Sunday, July 13, 2008

Hitting That Plateau


I think we all do it. At some point in a diet, you hit a certain weight and stay there, and stay there, and stay there. It's infuriating when it happens. You get so annoyed with seeing that same number pop up on the scale day after day. You wonder what you're doing wrong. You wonder how you've miscalculated. You wonder if your scale is wrong, or if the cat is readjusting the settings every night! Happily, none of this is true. You aren't doing anything wrong, (that is, if you're sticking to your calories.) I don't know why it happens, I only know that it does and it happened to me, too.


The first month I started calorie counting, the weight really came off. I lost 8-pounds the first 30-days. I was ecstatic! And, by the way, don't let anyone discourage you by saying, "it's only water weight." Yeah, and your point is? I don't care if it's only water weight, it's still weight! Does anyone assume it's water weight when you're putting on the pounds?? If that's the case, someone could simply say, "Well, I weigh 200 pounds but 15 pounds of that is water weight, you know, so I'm really only 185 pounds." Weight is weight and what matters is whether you can button that skirt or favorite pair of jeans. Having said that, my first 8 pounds probably was a good deal of water, and that's why the second month my body completely put on the breaks. I went for the next 3-weeks without losing an ounce. Some mornings, in fact, I even registered a half to a full pound gained! What in the world was going on, I wondered?

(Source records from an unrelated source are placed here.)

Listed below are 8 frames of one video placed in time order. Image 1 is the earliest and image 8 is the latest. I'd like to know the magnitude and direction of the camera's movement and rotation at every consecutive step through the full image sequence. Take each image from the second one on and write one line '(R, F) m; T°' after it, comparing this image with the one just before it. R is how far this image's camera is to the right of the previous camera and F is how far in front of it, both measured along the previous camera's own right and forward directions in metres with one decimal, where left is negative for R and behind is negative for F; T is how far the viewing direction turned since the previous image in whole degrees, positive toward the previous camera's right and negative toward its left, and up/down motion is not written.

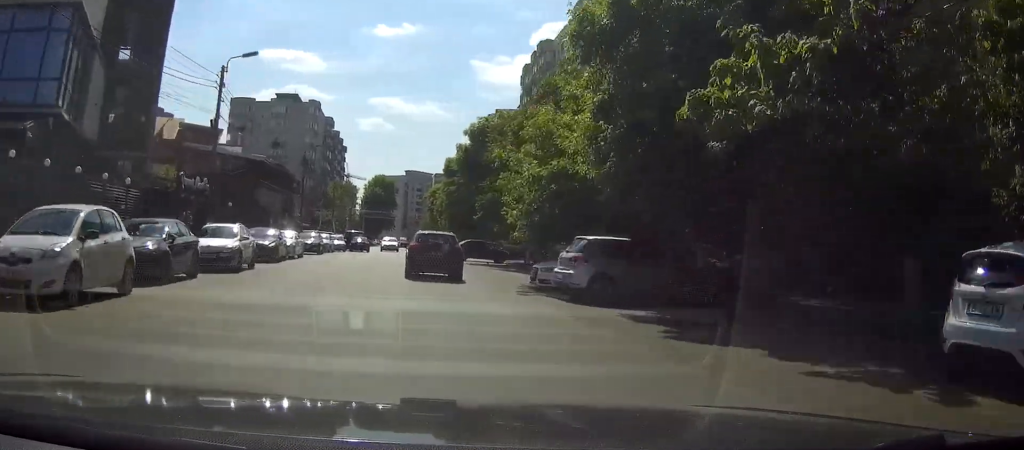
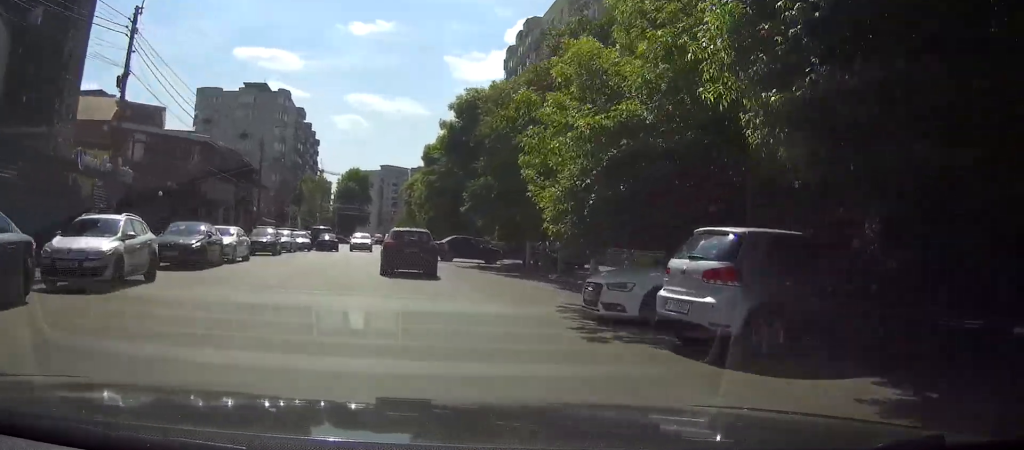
(0.0, +8.4) m; 0°
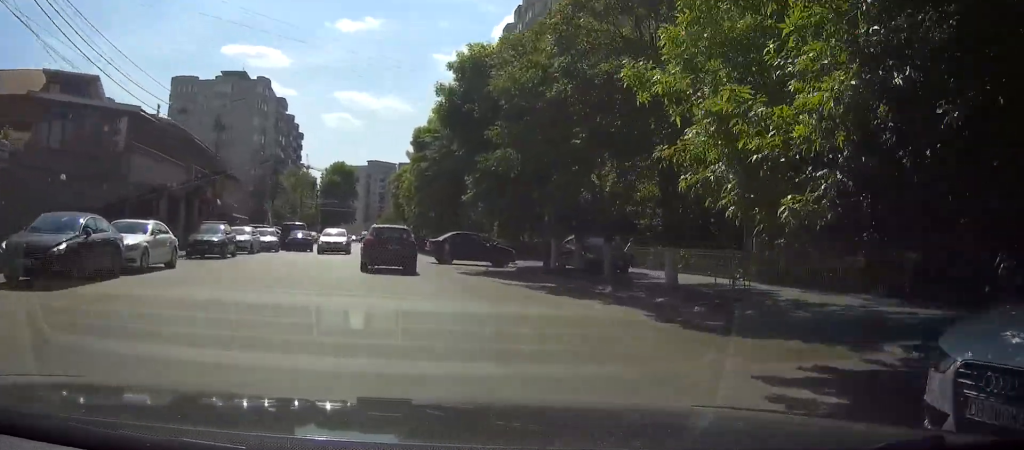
(0.0, +8.9) m; +1°
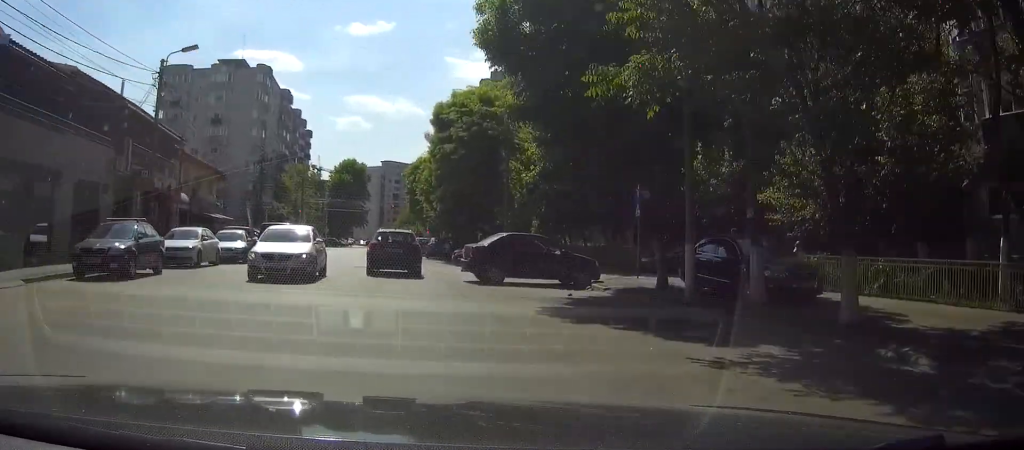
(+0.2, +12.5) m; +1°
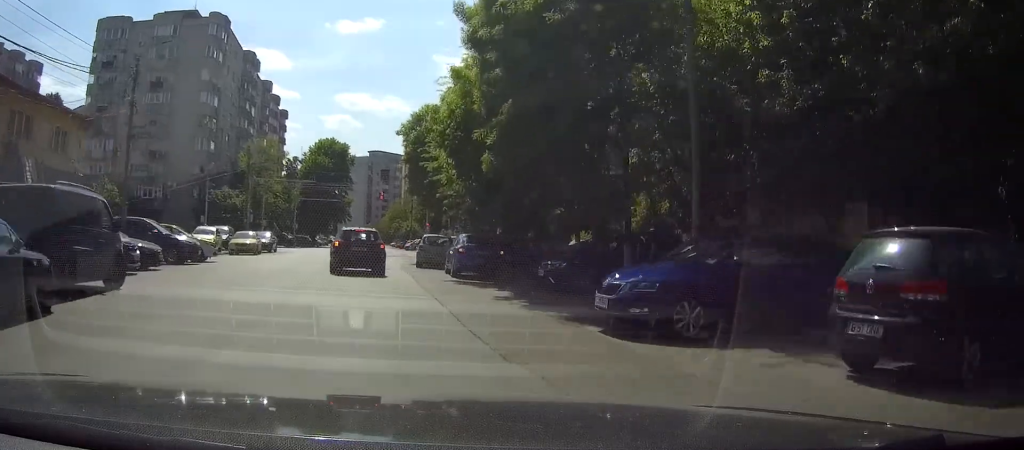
(+0.3, +26.2) m; +2°
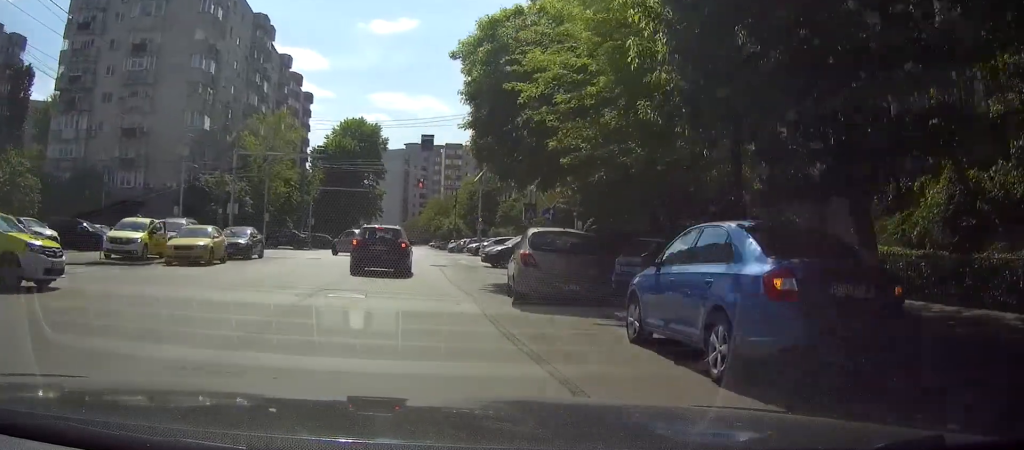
(0.0, +18.0) m; -1°
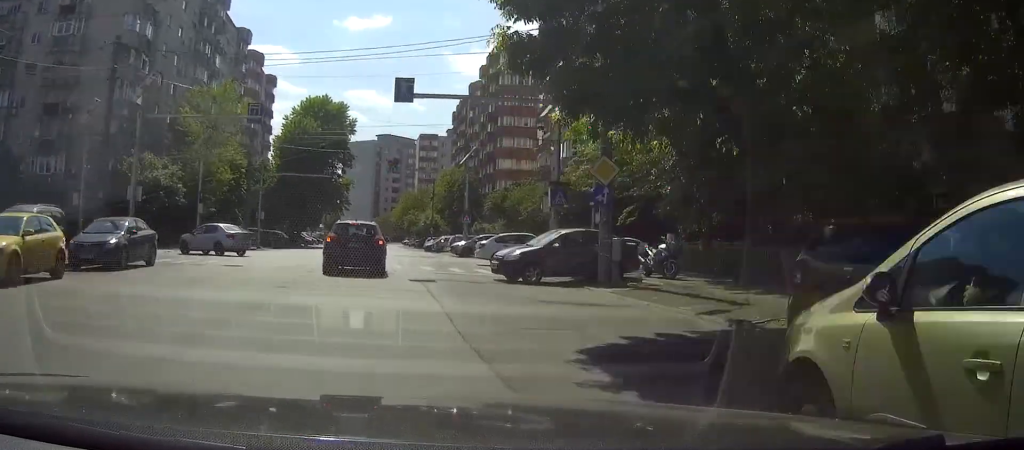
(-0.2, +13.1) m; -1°
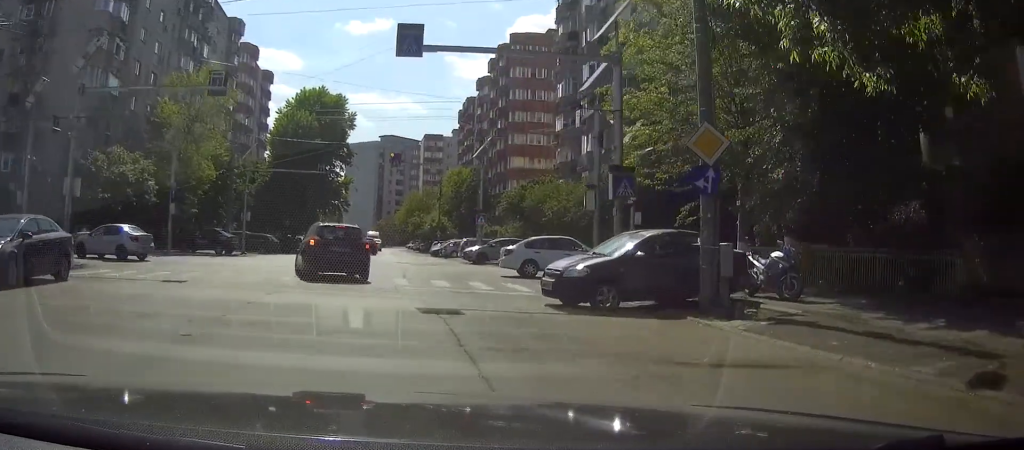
(+0.1, +7.0) m; -1°

I was admittedly, very discouraged. I came close to chucking it all in and believing that apparently I was just never going to lose the weight I wanted. But it didn't make any sense to me. I knew that if I ate fewer calories, it had to be making a difference. So in spite of what I was seeing each morning, I stayed with it. Determined to see it through. It got to be a challenge, a tug of war between me and the bathroom scale. Every morning I would hop on it only to be confronted with that same number glaring up at me. I knew there was no way I should be so stuck but there it was. So I would hop off the scale and say, "Fine. You want to play that game? Let's see who can outlast who!" (Or is it whom?) Anyway... I made a decision that if I never lost another pound, I was going to stick with the calories I had determined were the right number for me. Remember I had been to the calorie counter website and knew what was supposed to be the amount that would have me losing weight. Other websites and books on calorie counting had given me similar numbers. I knew unless something really strange was going on in my body, that eventually something had to give.

Then one morning, like a drain clog that finally breaks free, I was down one whole pound. Eureka! The dam had finally broken. The next week I lost another full pound. I had won the stalemate!

After that, the weight continued dropping off a pound or two a week. I didn't really plateau again but I know that I could have if my body had decided it wanted to. My message here is don't be discouraged if you get stuck on one particular number on the scale for awhile. I was upset because I wasn't aware it could happen. I'm here to tell you that you don't have to be upset if it happens to you because it appears to be a normal way of things. The important thing is to stick with it. Don't let it control you. Want a new you badly enough to fight for it. We fight for other things we really want. Don't give up on yourself. Respect yourself enough to know that you are worth doing what's right and healthy. The benefits are endless.